Etats-Unis : Assouplissement quantitatif, le retour




Le compte-rendu de la réunion de politique monétaire du 21 septembre, publié cette semaine, a suggéré que le lancement d’une nouvelle phase d’assouplissement quantitatif serait justifié en l’absence d’amélioration significative des conditions économiques1. Une telle amélioration ne s’étant pas dessinée depuis le 21 septembre (rapport emploi plutôt décevant) et paraissant improbable à court terme, le Comité de politique monétaire de la Réserve fédérale (FOMC) décidera sans doute de lancer un nouveau programme d’achat de titres à l’occasion de sa réunion des 2-3 novembre.

En effet, les membres du FOMC favorables à un assouplissement supplémentaire (notamment William Dudley, le président de la Réserve fédérale de New York) semblent dominer les débats et bénéficier de l’appui de Ben Bernanke. Pour autant, les divergences de vue autour de cette question demeurent sérieuses. Le compterendu de la réunion du 21 septembre a notamment indiqué que, pour certains participants, un assouplissement supplémentaire ne serait justifié qu’en cas de détérioration des perspectives ou de renforcement du risque de déflation (un point défendu, en particulier, par Charles Plosser, président de la Réserve fédérale de Philadelphie). Par ailleurs, des critiques internes soulignent que les effets d’achats d’actifs supplémentaires pourraient être limités dans les circonstances actuelles (où les tensions sur les marchés financiers ne sont plus exceptionnelles et les taux déjà très bas).

En vue d’assouplir la politique monétaire, deux possibilités non exclusives l’une de l’autre ont été discutées :

  • Lancer un nouveau programme d’achat de titres à long terme. Cette solution, régulièrement évoquée par les membres du FOMC depuis la fin août, sera très vraisemblablement retenue. La taille de ce programme d’achat reste incertaine et fait l’objet de débats internes.
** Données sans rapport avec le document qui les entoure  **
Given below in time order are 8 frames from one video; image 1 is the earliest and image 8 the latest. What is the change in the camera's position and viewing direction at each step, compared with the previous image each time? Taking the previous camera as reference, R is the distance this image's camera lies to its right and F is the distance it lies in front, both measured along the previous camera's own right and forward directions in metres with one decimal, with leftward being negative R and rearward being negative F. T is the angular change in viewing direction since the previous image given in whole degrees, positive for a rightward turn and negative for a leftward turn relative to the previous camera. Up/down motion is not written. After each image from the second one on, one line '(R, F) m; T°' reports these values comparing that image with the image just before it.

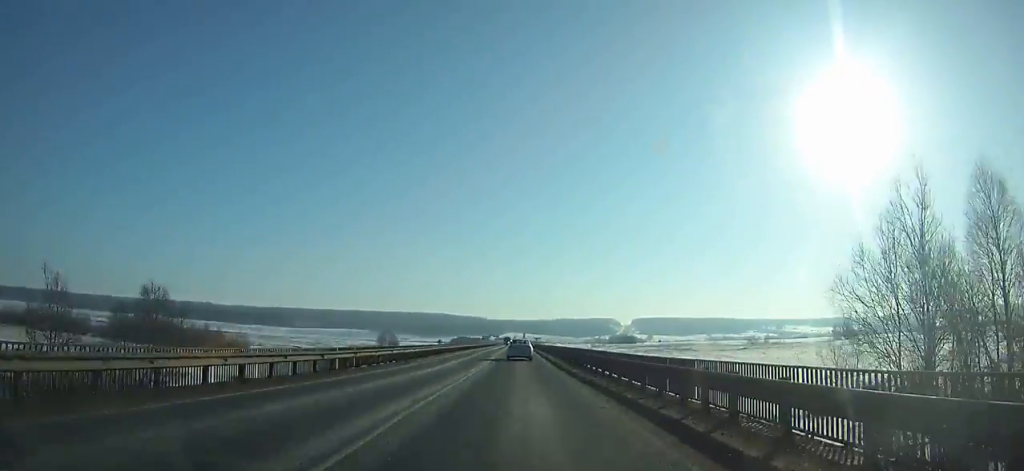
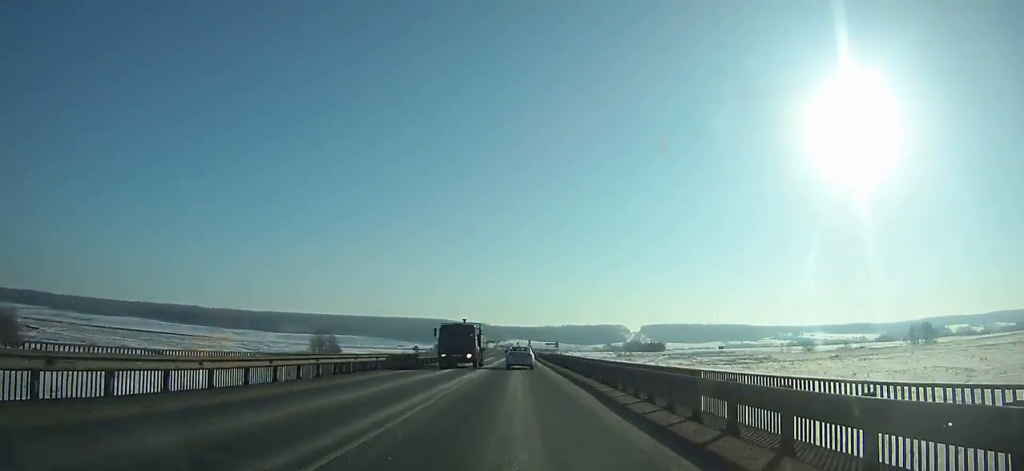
(-1.1, +94.1) m; -1°
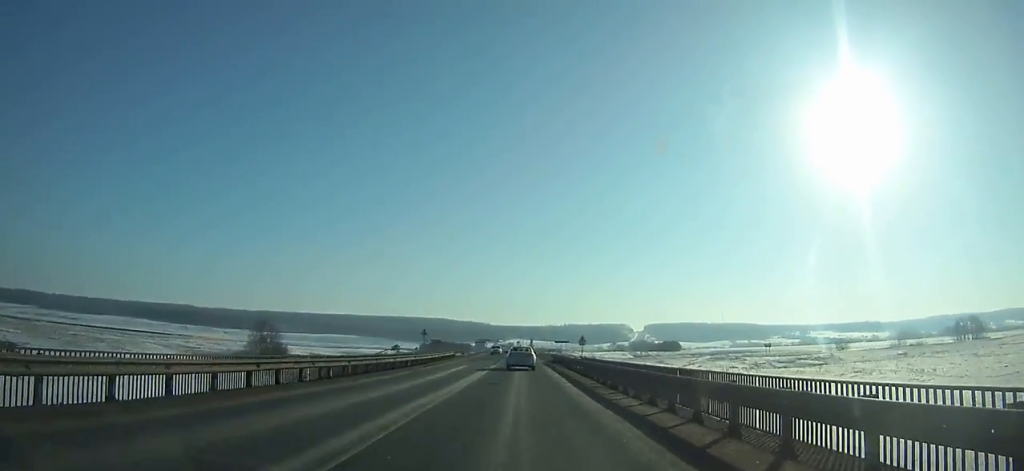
(+0.1, +43.3) m; 0°
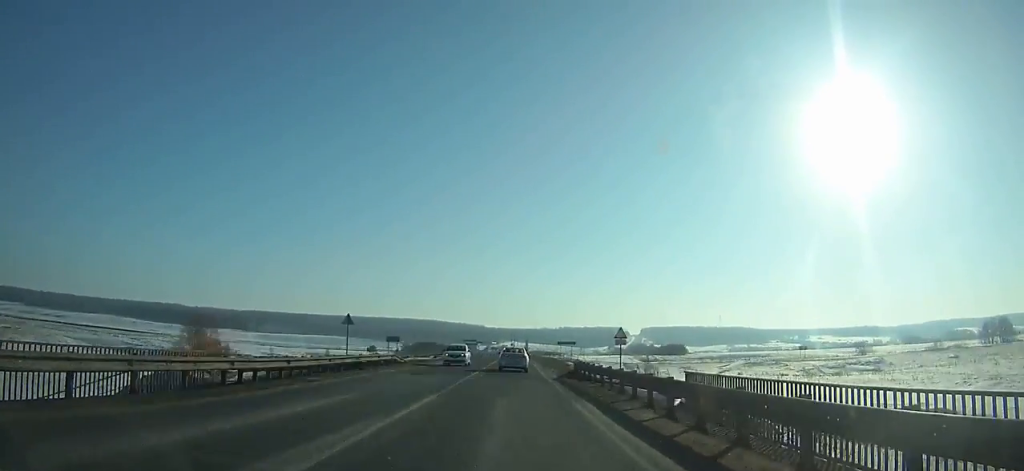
(0.0, +27.3) m; 0°
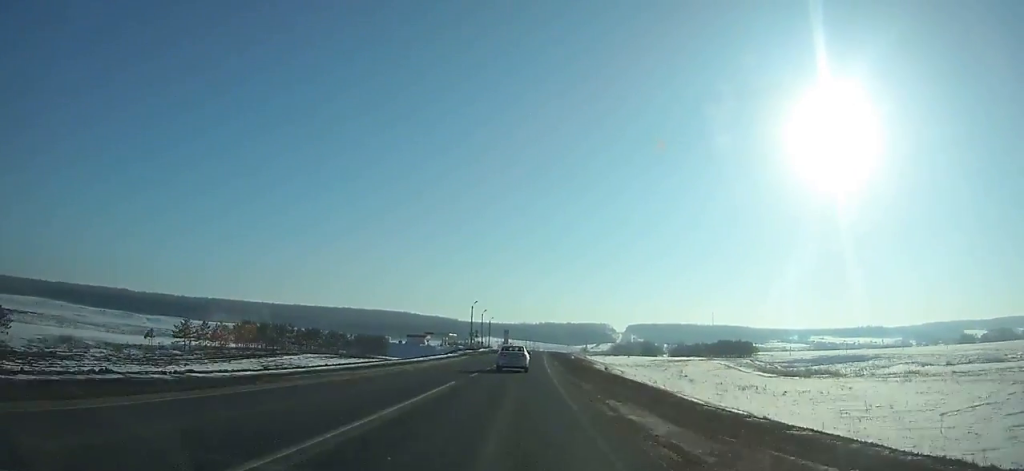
(+2.6, +141.6) m; +3°
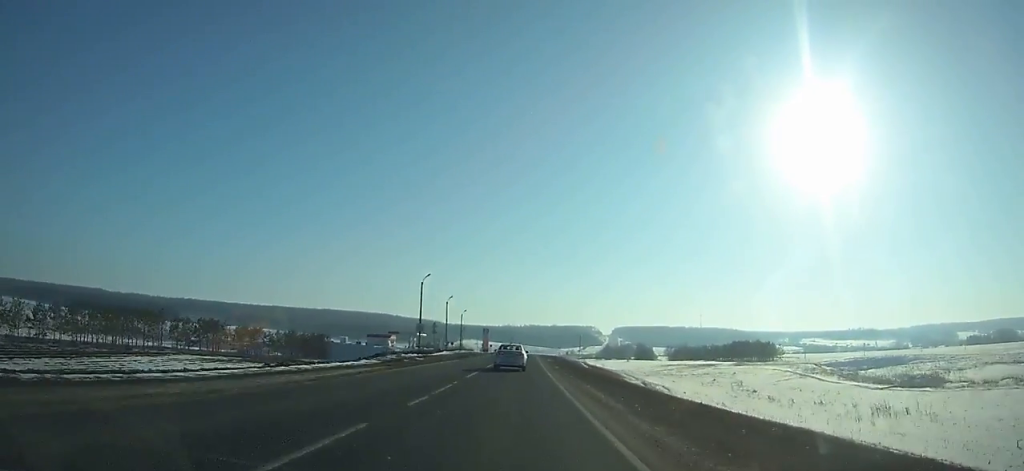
(+0.6, +38.4) m; +1°
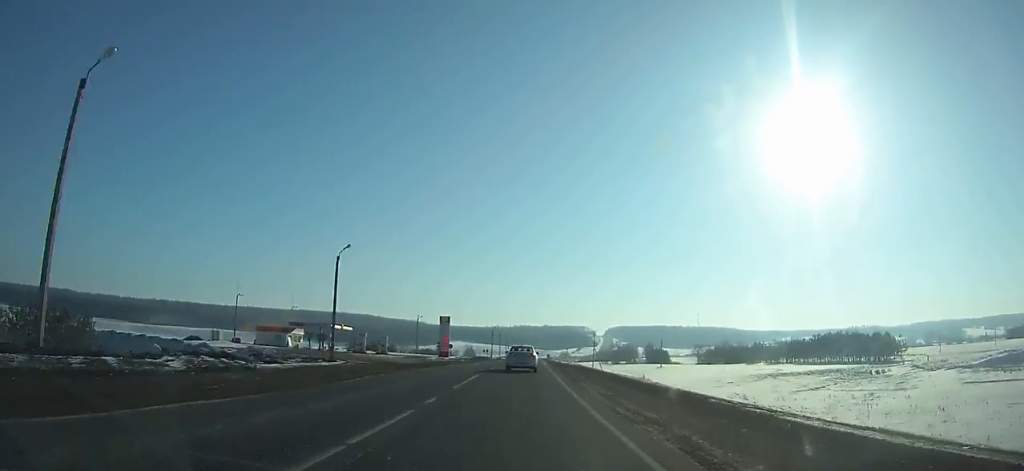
(+0.9, +78.2) m; +1°
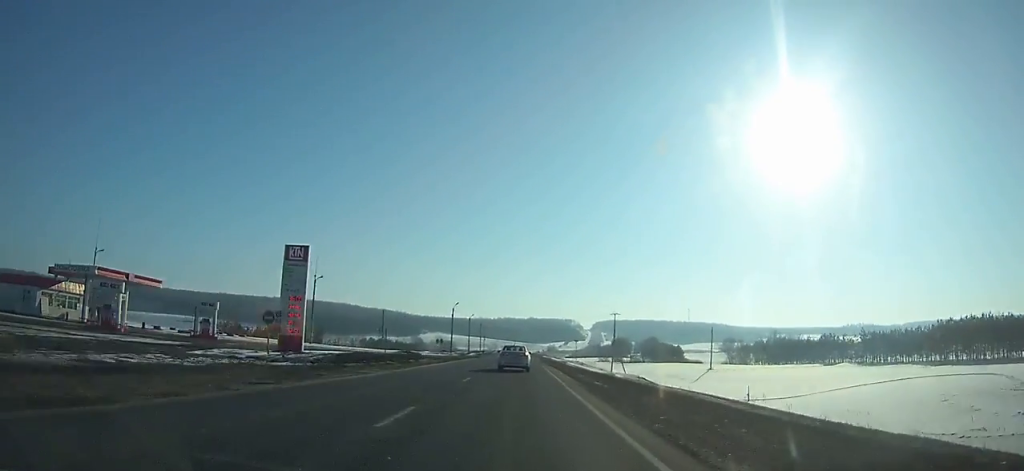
(+0.8, +62.7) m; +1°

La Réserve fédérale pourrait annoncer un montant d’achats de quelques centaines de milliards (afin de ne pas décevoir les anticipations des marchés) et, surtout, indiquer se tenir prête à moduler ce volume en tant que de besoin au gré des évolutions en matière d’activité et de prix.

  • Soutenir les anticipations d’inflation. Alors que les taux nominaux à court terme sont quasiment nuls, une hausse des anticipations d’inflation permettrait de modérer les taux d’intérêt réels. De surcroît, même si le risque de déflation demeure modeste selon le FOMC, il ne peut être écarté dans les circonstances actuelles. En vue d’influencer les anticipations d’inflation, plusieurs pistes ont été évoquées : être plus explicite au sujet du taux d'inflation jugé adéquat, cibler des niveaux de prix plutôt qu’un taux d’inflation, ou bien viser des niveaux de PIB nominal plutôt qu’un taux de croissance réel. De fait, dans le contexte actuel de forte modération de l’inflation sous-jacente, soutenir les anticipations en matière de prix n’est pas, a priori, chose facile. Les principales mesures des anticipations d’inflation ont d'ailleurs été orientées à la baisse sur la période récente, mais de façon plutôt modérée : (a) le point mort d'inflation à 10 ans (déduit des rendements des titres du Trésor) a fléchi de 2,3% en avril à 1,7% en septembre ( en moyenne), mais s’est redressé dernièrement (1,9% depuis le début octobre) ; (b) selon l’Université du Michigan, les anticipations des ménages à 5-10 ans n’ont que très faiblement diminué au cours des derniers mois (2,7% en septembre à comparer à un pic annuel de 2,9%), même si les anticipations à 1 an ont fléchi de façon sensible (de 3,2% en mai à 2,2% en septembre).


La progression des attentes d’un deuxième round d’assouplissement quantitatif a, à elle seule, déjà eu un impact sur les conditions financières. Cette semaine, ces anticipations ont notamment favorisé une dépréciation supplémentaire du dollar (parité EUR/USD supérieure à 1,41 aujourd’hui).